Base model: https://huggingface.co/internlm/Intern-S2-Preview-FP8

This quant is linked back to the upstream model through the model card base_model metadata and this README. Use the upstream repository for license, intended use, tokenizer provenance, and original model details.

Tested serving mode

Text/MTP alias

Local tested stack:

llama.cpp/TurboQuant fork: https://github.com/TheTom/llama-cpp-turboquant.git
commit: 03ddcd585f1c708dce946c8deb4b7c45133ae3c6
version description: b9020-171-g03ddcd585-dirty
runtime: llama-swap -> llama-server
front door: :9069
backend: llama-server

Example llama-server command:

llama-server \
  --model Intern-S2-Preview-FP8-text-Q4_K_M.gguf \
  --ctx-size 204800 \
  --threads 16 \
  --batch-size 256 \
  --ubatch-size 64 \
  --flash-attn on \
  --cont-batching \
  --parallel 1 \
  --host 0.0.0.0 \
  --split-mode layer \
  --tensor-split 0.50,0.50 \
  -ctk turbo3 \
  -ctv turbo3 \
  -ngl 999 \
  --temp 0 \
  --top-k 1 \
  --top-p 1 \
  --min-p 0 \
  --repeat-penalty 1.0 \
  --spec-type mtp \
  --spec-draft-n-max 1 \
  --jinja \
  --chat-template-kwargs '{"enable_thinking":false}' \
  --reasoning off

Quick smoke:

curl -s http://127.0.0.1:9069/v1/chat/completions \
  -H 'Content-Type: application/json' \
  -d '{"model":"intern-s2-mtp","messages":[{"role":"user","content":"Reply exactly: ok"}],"max_tokens":8,"temperature":0,"stream":false}'

A valid MTP smoke should include nonzero timings.draft_n and timings.draft_n_accepted.

Vision alias

Vision is served as a separate conservative alias. It intentionally disables TurboKV/MTP/flash-attn during image bring-up.

llama-server \
  --model Intern-S2-Preview-FP8-text-Q4_K_M.gguf \
  --mmproj mmproj-Intern-S2-Preview-FP8-F16.gguf \
  --no-mmproj-offload \
  --ctx-size 4096 \
  --threads 16 \
  --batch-size 128 \
  --ubatch-size 32 \
  --flash-attn off \
  --parallel 1 \
  --split-mode layer \
  --tensor-split 0.50,0.50 \
  -ctk f16 \
  -ctv f16 \
  -ngl 999 \
  --temp 0 \
  --top-k 1 \
  --top-p 1 \
  --min-p 0 \
  --repeat-penalty 1.0 \
  --jinja \
  --chat-template-kwargs '{"enable_thinking":false}' \
  --reasoning off

Verified image smoke response:

A red square with the text "RED SQUARE" in black, centered on a white background.
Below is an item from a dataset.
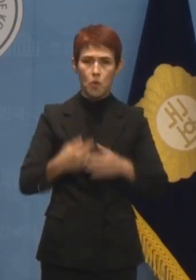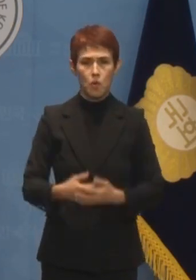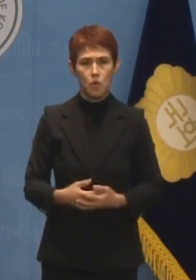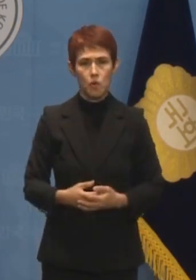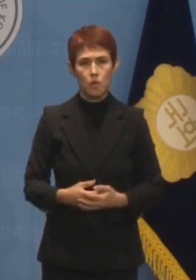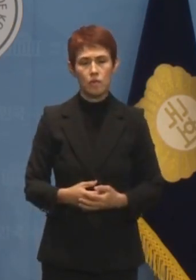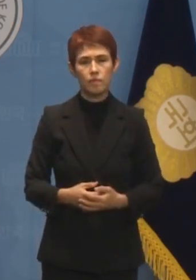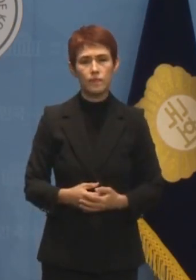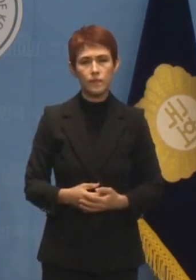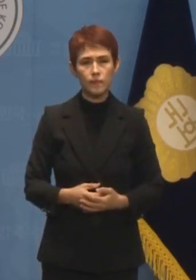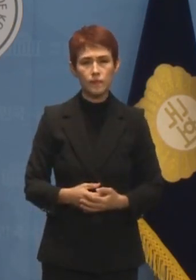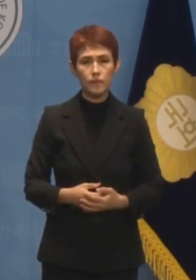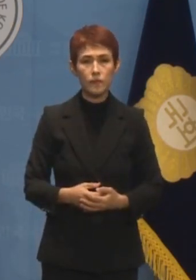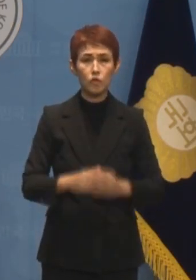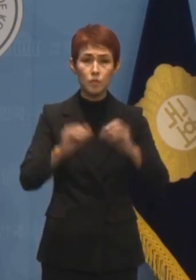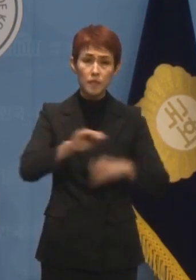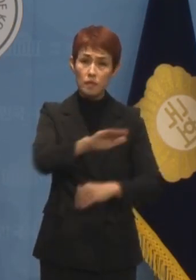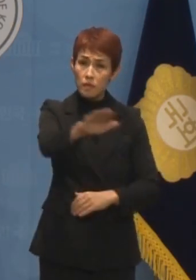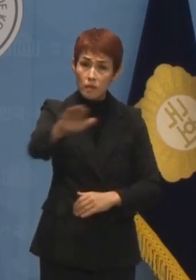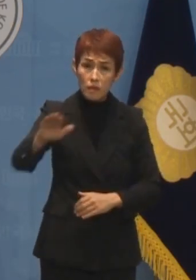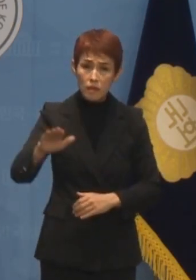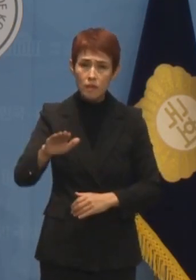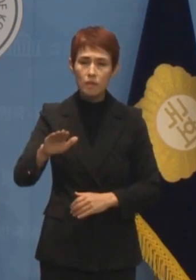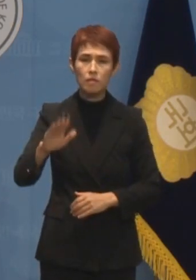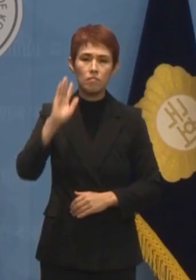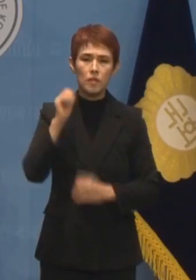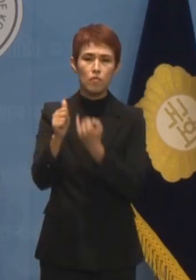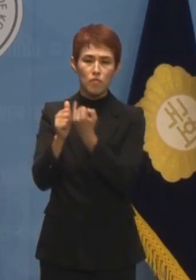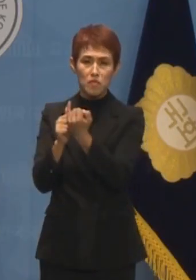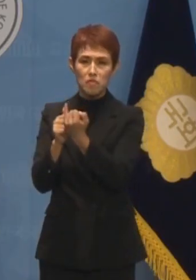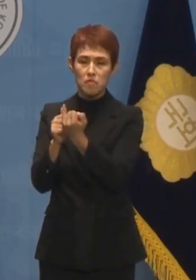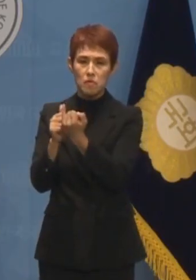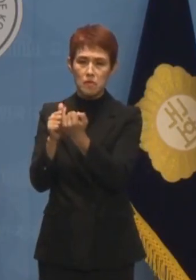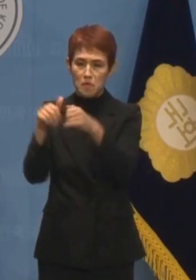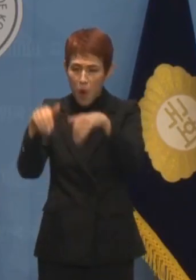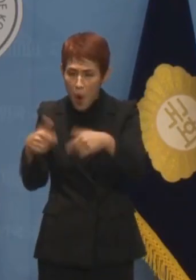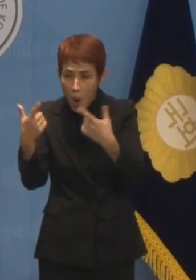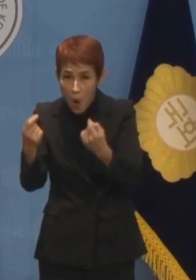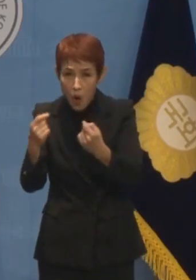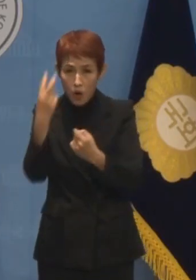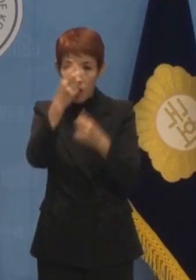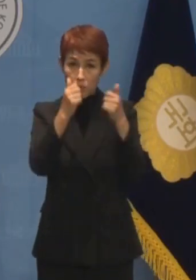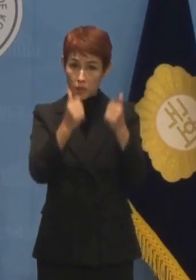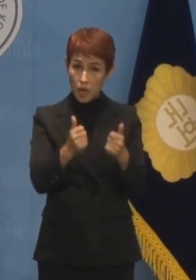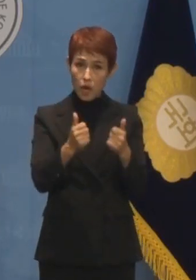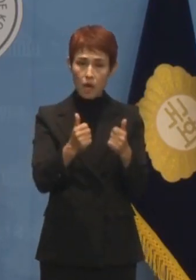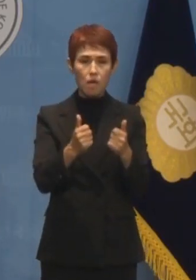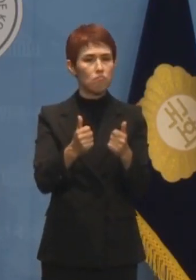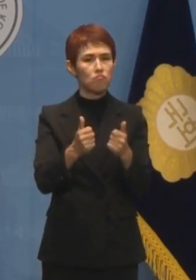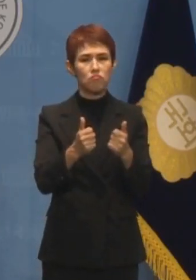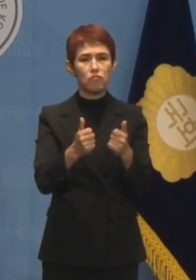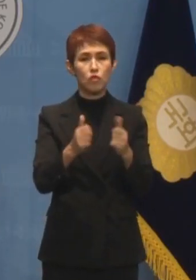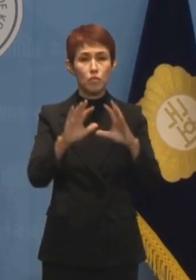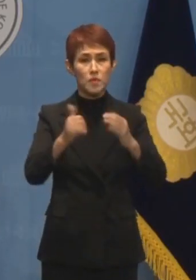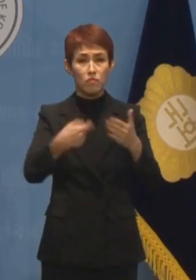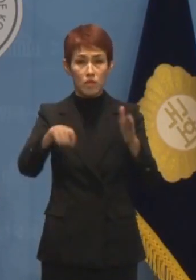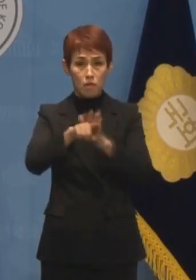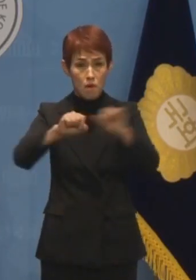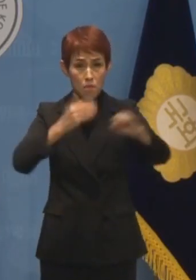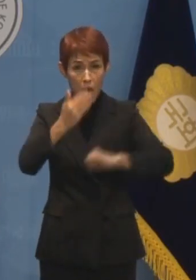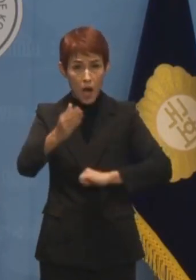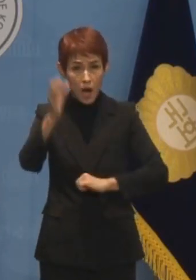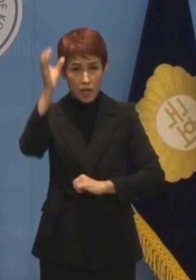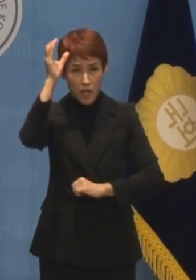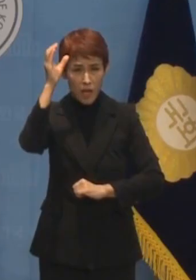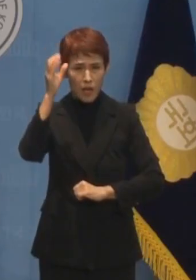국민께서는 김건희 로펌으로 전락한 검찰이 국민의 대변자로 돌아올 것으로 기대하시지

See docs/VISION_STATUS.md for the exact API request and the local llama.cpp/mtmd runtime patch required to avoid the image-embedding crash.

Benchmarks from local smoke

Generation via llama-swap/OpenAI API, deterministic settings (temperature=0, top_k=1, top_p=1):

prompt completion tokens tok/s MTP accepted
smoke 3 126.51 1/1
short_reason 93 111.41 37/46
code 189 147.03 90/94
longer 256 111.09 101/127

Perplexity smoke on a small fixed local technical corpus:

PPL = 28.8177 +/- 9.76237
prompt eval: 192 tokens, 1743.28 tokens/s

This PPL is a smoke test only, not a standardized benchmark. Raw artifacts are under bench/.

Conversion warning

This model does not convert cleanly with stock llama.cpp as a top-level InternS2PreviewForConditionalGeneration model. Required handling:

  1. flatten config.json["text_config"] into a llama.cpp-compatible language GGUF shim
  2. force architectures = ["Qwen3_5MoeForCausalLM"]
  3. preserve quantization and tokenizer metadata
  4. ignore packed FP8 expert scale tensors during expert merge
  5. remap MTP layer tensor names and block IDs
  6. pad tokenizer metadata from raw config.json vocab size (251392)

See docs/CONVERSION_AND_SERVING.md for exact patch shapes and commands.

Limitations

  • This package is the multimodal Intern-S2 GGUF setup: language GGUF plus mmproj-Intern-S2-Preview-FP8-F16.gguf. Vision requires the patched llama.cpp/TurboQuant runtime documented in docs/VISION_STATUS.md.
  • Vision is verified with a conservative 4K-context alias. 65K/200K vision has not been revalidated.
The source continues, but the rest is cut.